Failure to comply with general data protection regulations can result in a fine which falls under two tiers (whichever is greater).


AML regulations establishes the obligation of saving and keeping data and transactions in the projection of suspicious activity, for five years. Non-compliance will lead to fines.

At the same time, one of the main pillars of GDPR is the right of EU citizens to have their data erased from the data processor’s systems forever.

In the face of a clash between the two regulations, GDPR protects both data controllers and data processors, during the execution of supporting “legitimate interests”, namely, to detect suspicious activity and this is in order to enable them to comply with AML regulations.

More specifically, legal requirements take precedence over the right to erasure. As such, if a regulation requires you to save the data, as AML regulations do, the right to erasure does not take effect until after that legal period ends in accordance with the AML regulation time-period.

National Derogations:

GDPR does not apply to areas of law that are outside the scope of Union law, such as national security, and does not apply to purely personal or household activity.

In Cyprus, it is legal to process for journalistic or academic purposes or for the purposes of artistic or literary expression provided that, such processing is proportional in relation to the intended purposes and respecting the data subjects’ fundamental rights and freedoms.
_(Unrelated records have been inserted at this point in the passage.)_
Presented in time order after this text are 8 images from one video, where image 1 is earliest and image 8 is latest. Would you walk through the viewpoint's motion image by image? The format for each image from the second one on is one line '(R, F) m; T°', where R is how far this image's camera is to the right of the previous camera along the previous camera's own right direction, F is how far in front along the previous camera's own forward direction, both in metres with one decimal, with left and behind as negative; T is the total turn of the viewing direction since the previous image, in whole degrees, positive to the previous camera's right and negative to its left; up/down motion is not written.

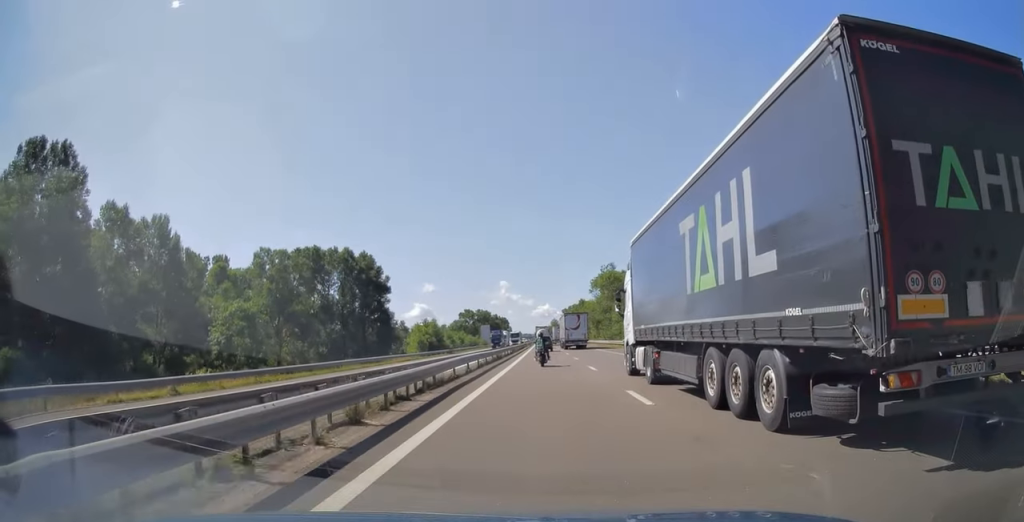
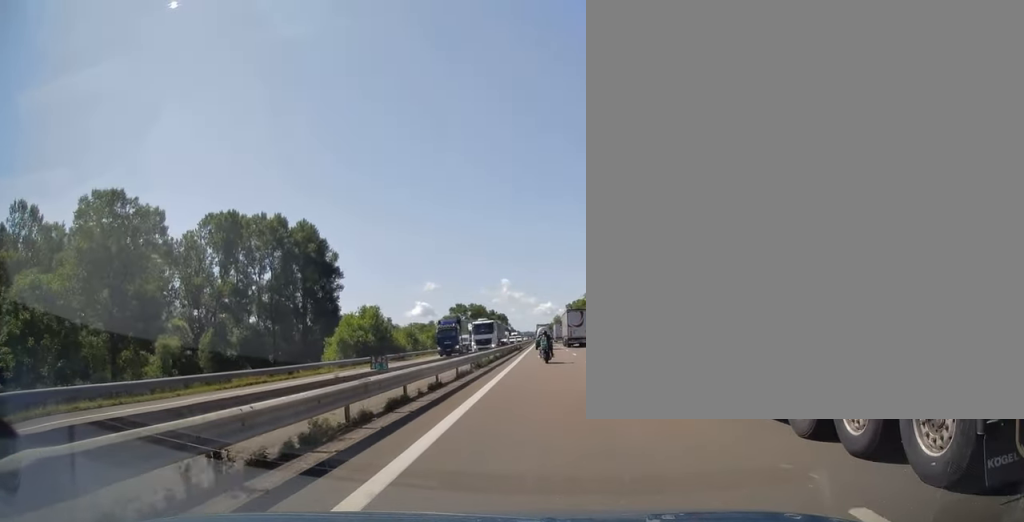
(-0.1, +36.0) m; 0°
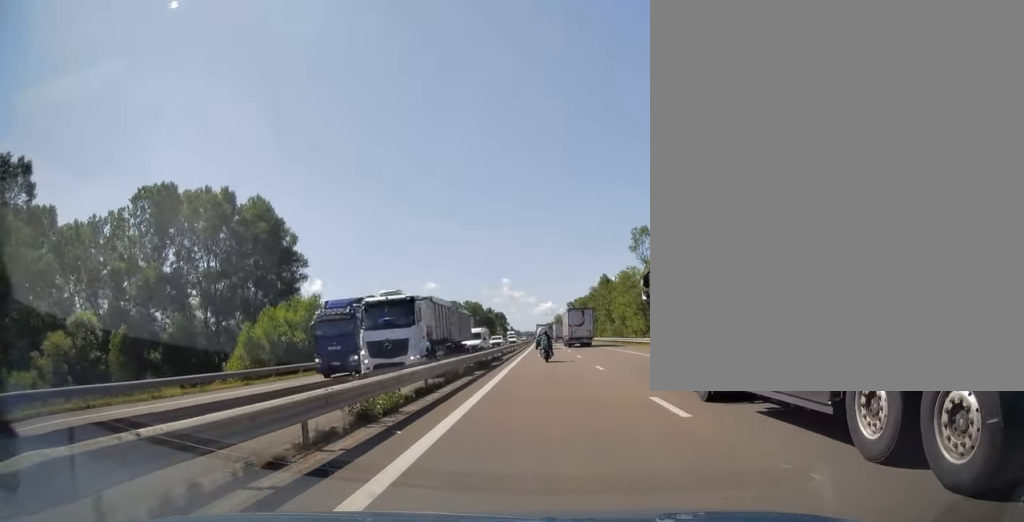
(0.0, +17.7) m; 0°
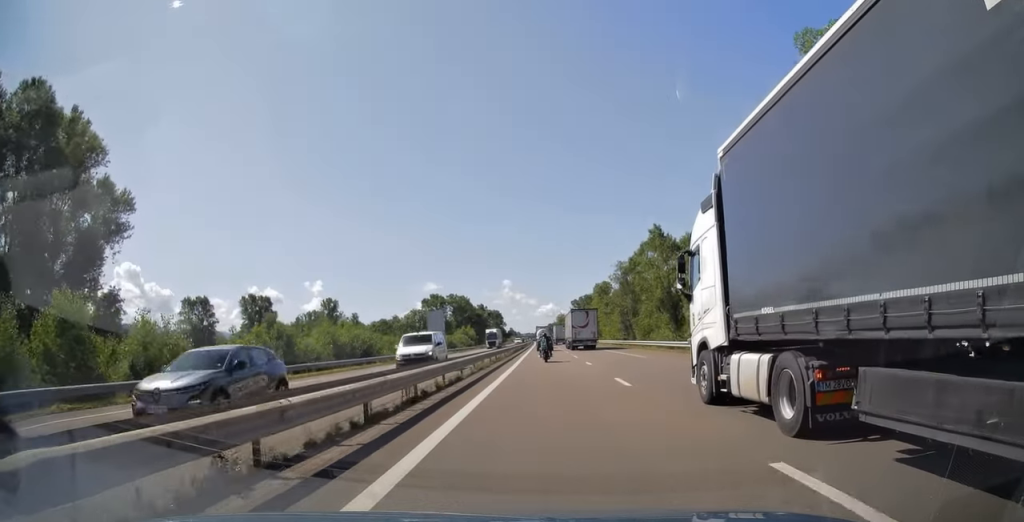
(-0.2, +45.3) m; 0°
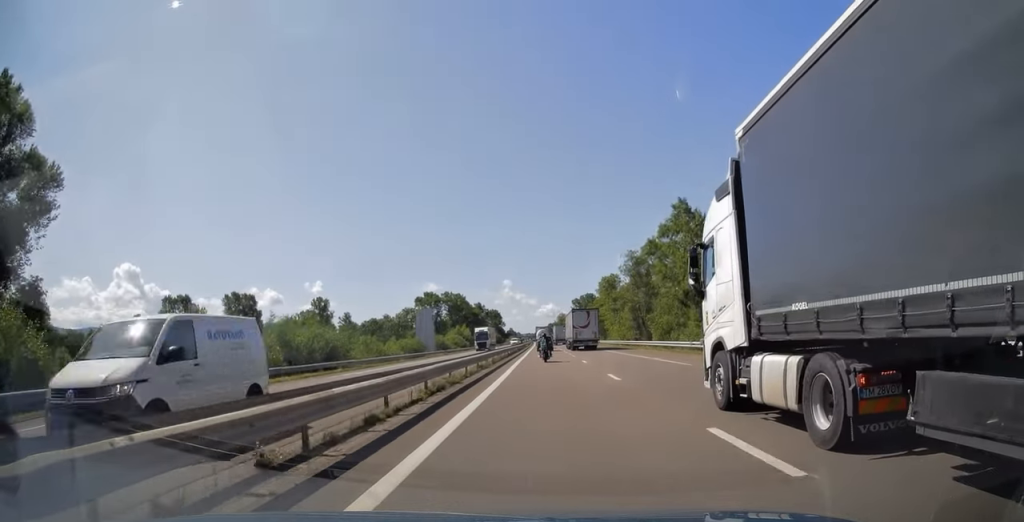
(0.0, +10.6) m; 0°
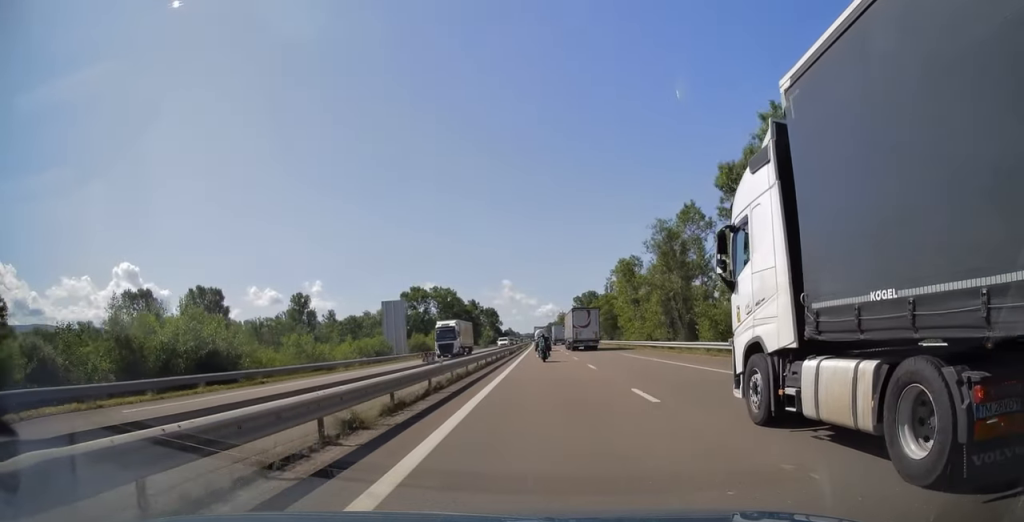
(0.0, +19.3) m; 0°
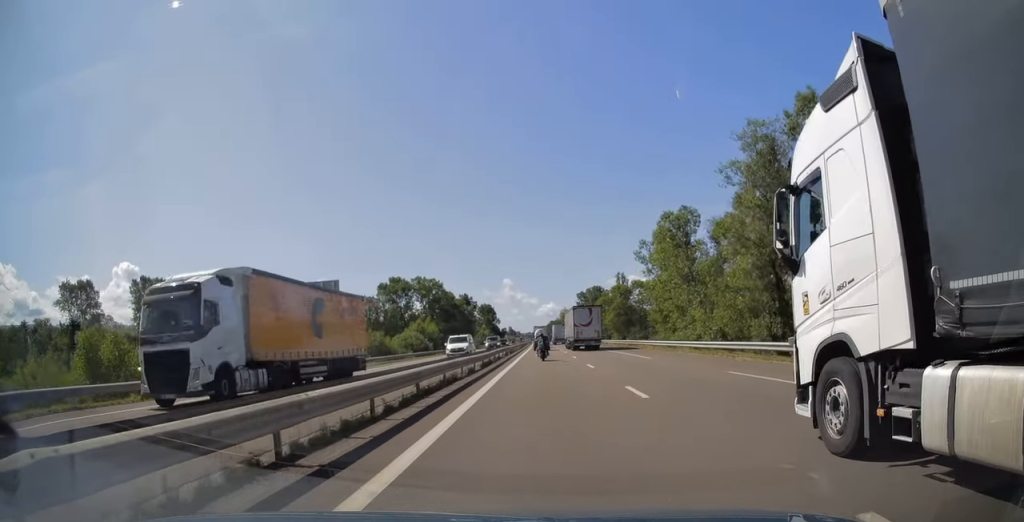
(+0.1, +25.1) m; 0°
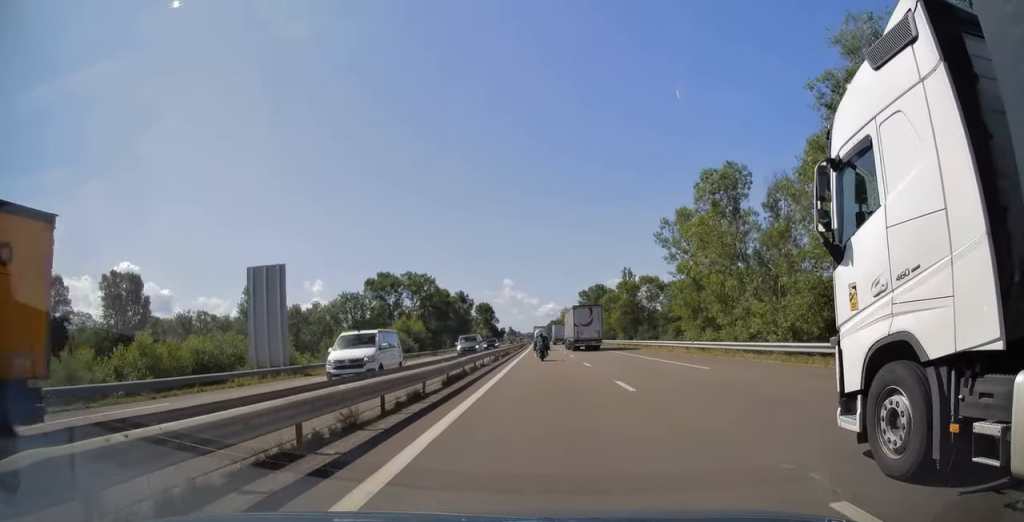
(0.0, +11.2) m; 0°

Indubitably, the right to freedom of expression and the confidentiality of journalistic sources shall not be violated by the rights of the users to be provided with information on their personal data.

Finally, yet importantly, processing for achieving purposes in the public interest, scientific or historical research purposes or statistical purposes precludes the use of personal data for the purpose of decision making which produces legal effects concerning the users or which similarly significantly affects them.